For completeness, the paper also revisits the L∞ case. In that setting the candidate adversarial models can differ in all coordinates simultaneously, leading to an exponential (2ᵈ) candidate set. Kayastha et al. previously proposed a greedy algorithm that iteratively adjusts the most influential coordinate and updates the adversarial model accordingly. The authors restate this algorithm (Algorithm 2) and confirm its optimality for GLMs, but note that it remains computationally more demanding than the finite‑p approach.

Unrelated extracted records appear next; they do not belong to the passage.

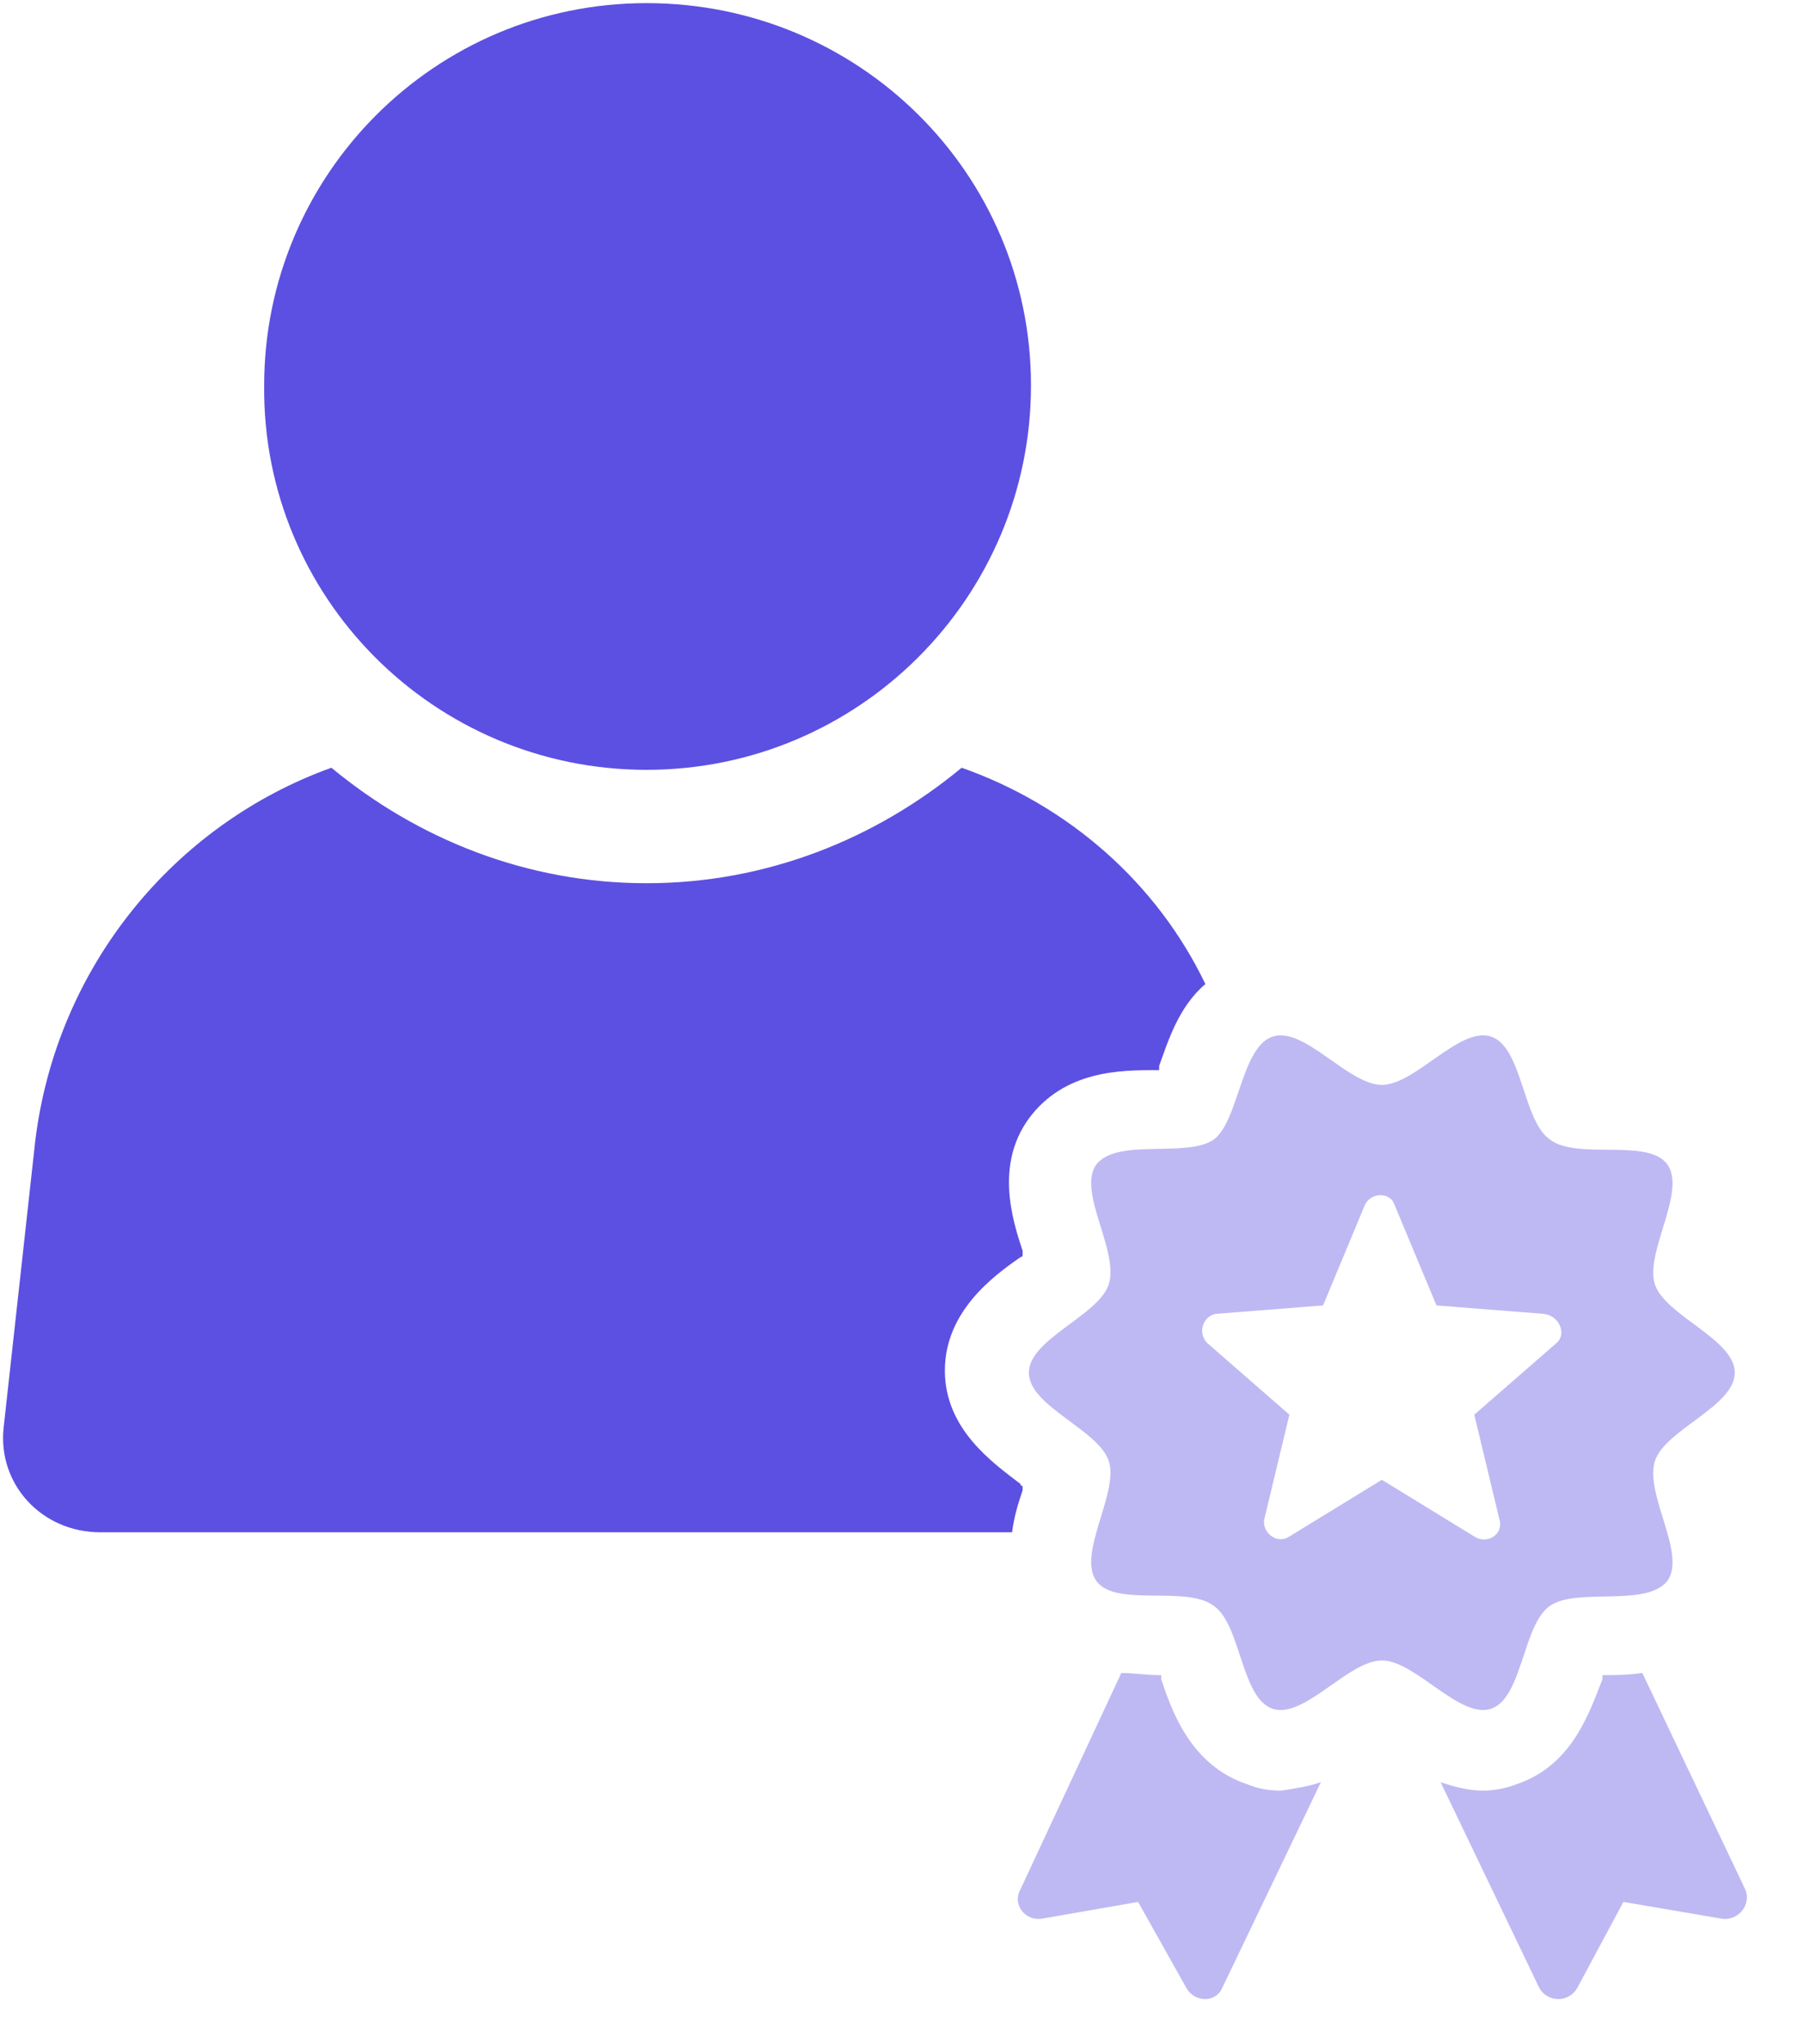 <svg width="30" height="34" viewBox="0 0 30 34" fill="none" xmlns="http://www.w3.org/2000/svg">
<path d="M10.752 12.804C14.28 12.804 17.145 9.939 17.145 6.41C17.145 2.882 14.28 0.052 10.752 0.052C7.223 0.052 4.393 2.917 4.393 6.41C4.358 9.939 7.223 12.804 10.752 12.804Z" fill="#5C50E2"/>
<path d="M15.992 12.769C14.56 13.956 12.743 14.69 10.752 14.69C8.76 14.69 6.944 13.956 5.511 12.769C2.891 13.712 0.935 16.087 0.585 18.987L0.061 23.739C-0.044 24.682 0.69 25.485 1.668 25.485H16.831C16.866 25.206 16.936 24.996 17.006 24.787C17.006 24.787 17.006 24.752 17.006 24.717C17.006 24.717 16.971 24.717 16.971 24.682C16.516 24.333 15.713 23.774 15.713 22.795C15.713 21.817 16.516 21.223 16.971 20.909C16.971 20.909 17.006 20.909 17.006 20.874C17.006 20.839 17.006 20.839 17.006 20.804C16.831 20.28 16.551 19.372 17.11 18.603C17.704 17.799 18.648 17.799 19.206 17.799H19.276C19.276 17.765 19.276 17.765 19.276 17.73C19.416 17.345 19.591 16.751 20.045 16.367C19.241 14.69 17.774 13.397 15.992 12.769Z" fill="#5C50E2"/>
<path d="M21.966 29.642L20.324 33.066C20.219 33.31 19.869 33.31 19.73 33.066L18.926 31.633L17.319 31.913C17.04 31.948 16.83 31.668 16.97 31.424L18.647 27.825C18.856 27.825 19.066 27.86 19.241 27.86H19.311C19.311 27.86 19.311 27.895 19.311 27.93C19.485 28.454 19.8 29.362 20.743 29.677C20.918 29.747 21.092 29.782 21.302 29.782C21.547 29.747 21.756 29.712 21.966 29.642Z" fill="#BEB9F3"/>
<path d="M28.639 31.913L26.997 31.633L26.228 33.066C26.089 33.31 25.739 33.31 25.599 33.066L23.957 29.642C24.167 29.712 24.412 29.782 24.656 29.782C24.831 29.782 25.041 29.747 25.215 29.677C26.159 29.362 26.438 28.454 26.648 27.93C26.648 27.93 26.648 27.895 26.648 27.86H26.718C26.892 27.86 27.067 27.86 27.311 27.825L29.023 31.424C29.128 31.668 28.919 31.948 28.639 31.913Z" fill="#BEB9F3"/>
<path d="M28.849 22.831C28.849 22.271 27.696 21.887 27.521 21.363C27.347 20.839 28.046 19.826 27.731 19.372C27.417 18.918 26.229 19.302 25.775 18.953C25.32 18.638 25.32 17.415 24.796 17.241C24.272 17.066 23.539 18.044 22.98 18.044C22.421 18.044 21.687 17.066 21.163 17.241C20.639 17.415 20.604 18.638 20.185 18.953C19.731 19.267 18.578 18.918 18.228 19.372C17.914 19.826 18.613 20.804 18.438 21.363C18.263 21.887 17.11 22.271 17.11 22.831C17.11 23.39 18.263 23.774 18.438 24.298C18.613 24.822 17.914 25.835 18.228 26.289C18.543 26.743 19.731 26.359 20.185 26.709C20.639 27.023 20.639 28.246 21.163 28.42C21.687 28.595 22.421 27.617 22.98 27.617C23.539 27.617 24.272 28.595 24.796 28.42C25.32 28.246 25.32 27.023 25.775 26.709C26.229 26.394 27.382 26.743 27.731 26.289C28.046 25.835 27.347 24.857 27.521 24.298C27.696 23.774 28.849 23.39 28.849 22.831ZM25.88 22.341L24.517 23.529L24.936 25.276C25.006 25.521 24.727 25.695 24.517 25.555L22.98 24.612L21.442 25.555C21.233 25.695 20.988 25.486 21.023 25.276L21.442 23.529L20.08 22.341C19.905 22.167 20.01 21.887 20.22 21.852L22.002 21.712L22.7 20.035C22.805 19.826 23.119 19.826 23.189 20.035L23.888 21.712L25.67 21.852C25.949 21.887 26.054 22.202 25.88 22.341Z" fill="#BEB9F3"/>
</svg>

Empirical evaluation spans both linear and non‑linear classifiers on several real‑world datasets (e.g., German Credit). The experiments compare the proposed Lp‑algorithm (Algorithm 1) against the L∞ optimal algorithm, ROAR (a gradient‑based robust recourse method), and RBR (a Bayesian robust recourse method). Key findings include:

• Price Reduction: When model changes are measured with an L₁ or L₂ norm, the proposed method achieves recourse prices that are often 10‑1000× lower than those obtained under an L∞ bound, and substantially lower than ROAR/RBR, which suffer from the conservatism of the L∞ assumption.
• Sparsity: Recourse vectors produced by the Lp algorithm are markedly sparser (fewer features need to be altered), which improves interpretability and practical feasibility for end‑users.
• Robustness to Post‑Processing: The recourses remain valid after applying feasibility‑ensuring post‑processing steps (e.g., clipping to allowable feature ranges), demonstrating resilience to downstream adjustments.
• Scalability: Runtime scales linearly with the number of features, confirming the theoretical polynomial‑time claim. The method is competitive with, and often faster than, ROAR and RBR, especially in higher dimensions where the L∞ greedy search becomes costly.

In summary, this work introduces a more realistic model‑change constraint (Lp norm) for robust recourse, derives a provably optimal algorithm for generalized linear models, and validates its practical advantages through extensive experiments. By reducing the price of recourse, increasing sparsity, and maintaining robustness under realistic model updates, the proposed approach bridges a critical gap between theoretical guarantees and deployable recourse solutions. Future directions include extending the Lp‑bounded framework to richer model families (e.g., tree ensembles, deep neural networks) and integrating data‑driven predictions of future model shifts to further tighten the robustness‑cost trade‑off.